And lately I've been buying insert holders straight from this place in China:

http://www.banggood.com/SCLCR1616H0...-Holder-With-CCMT09T304-Insert-p-1053303.html

http://www.banggood.com/MGEHR1212-2...-Cut-with-4pcs-MGMN200-Inserts-p-1053298.html

http://www.banggood.com/SNR0016Q16-...urning-Tool-Holder-with-Wrench-p-1061082.html


----------



## wa5cab

Although the 102 holder works OK with 3/8" and 1/2" cutters, I wouldn't try to put 5/16" or 1/4" ones in it as their left side will be unsupported.  I would recommend having maybe two or three 102's but buy 101's for your extras.  Most of them will spend their lives holding one cutter that you don't use too often but when you need it you need it.

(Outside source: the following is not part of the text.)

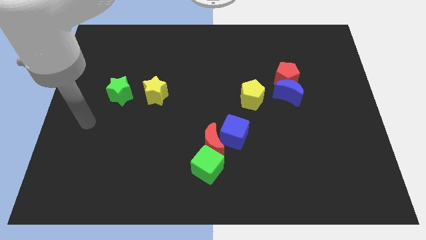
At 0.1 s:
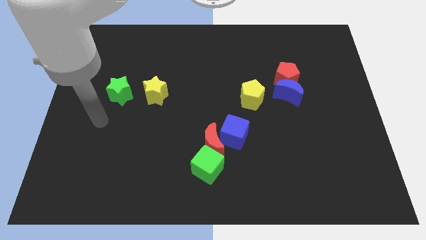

For the beveling cutter, you can use the back end of the knurling holder.  Or at least on mine, I can.  It's another one that you don't need all the time but when you need it, you need it now.


----------



## Charles Spencer

wa5cab said:


> Although the 102 holder works OK with 3/8" and 1/2" cutters, I wouldn't try to put 5/16" or 1/4" ones in it as their left side will be unsupported.



Good point.  I agree.


----------



## RonRock

Thanks guys. Yes the insert holders were what I was asking about. But still learning about the AXA tool post holder itself, so any information is helpful. It's easy to make expensive mistakes when learning.


----------



## wa5cab

OK.  Then I would suggest that you buy a set of the 3/8" square brazed turning tools (with spares) in both C2 and C5 grade carbide (C5 is generally for steel and alloy and C2 for non-ferrous).  Learn with them while you get up to speed on some of what's available in replaceable inserts (both holders and inserts) and start saving for a No, 116 insert holder.  The 101 and 102 holders are cheap.  The 116 is relatively expensive and not made by many companies.


----------



## ColoMid

I just tonite finished rebuilding my Logan model 1955H (1963 vintage).
My first test was to turn a piece of HRS with an insert tool and to verify that the lathe
would in fact work with 1/2" brazed and insert tooling as the height is very close to maxing out
to get on center. This is using AXA/100 style tool post and tool holders.
There is not much vertical room to spare as it turns out.  I suspect a BXA would not work out.
I borrowed the tool post of my South Bend 9A, so I'm in the market for another.
The T nuts are not compatible.
RichD, Canton, Ga


----------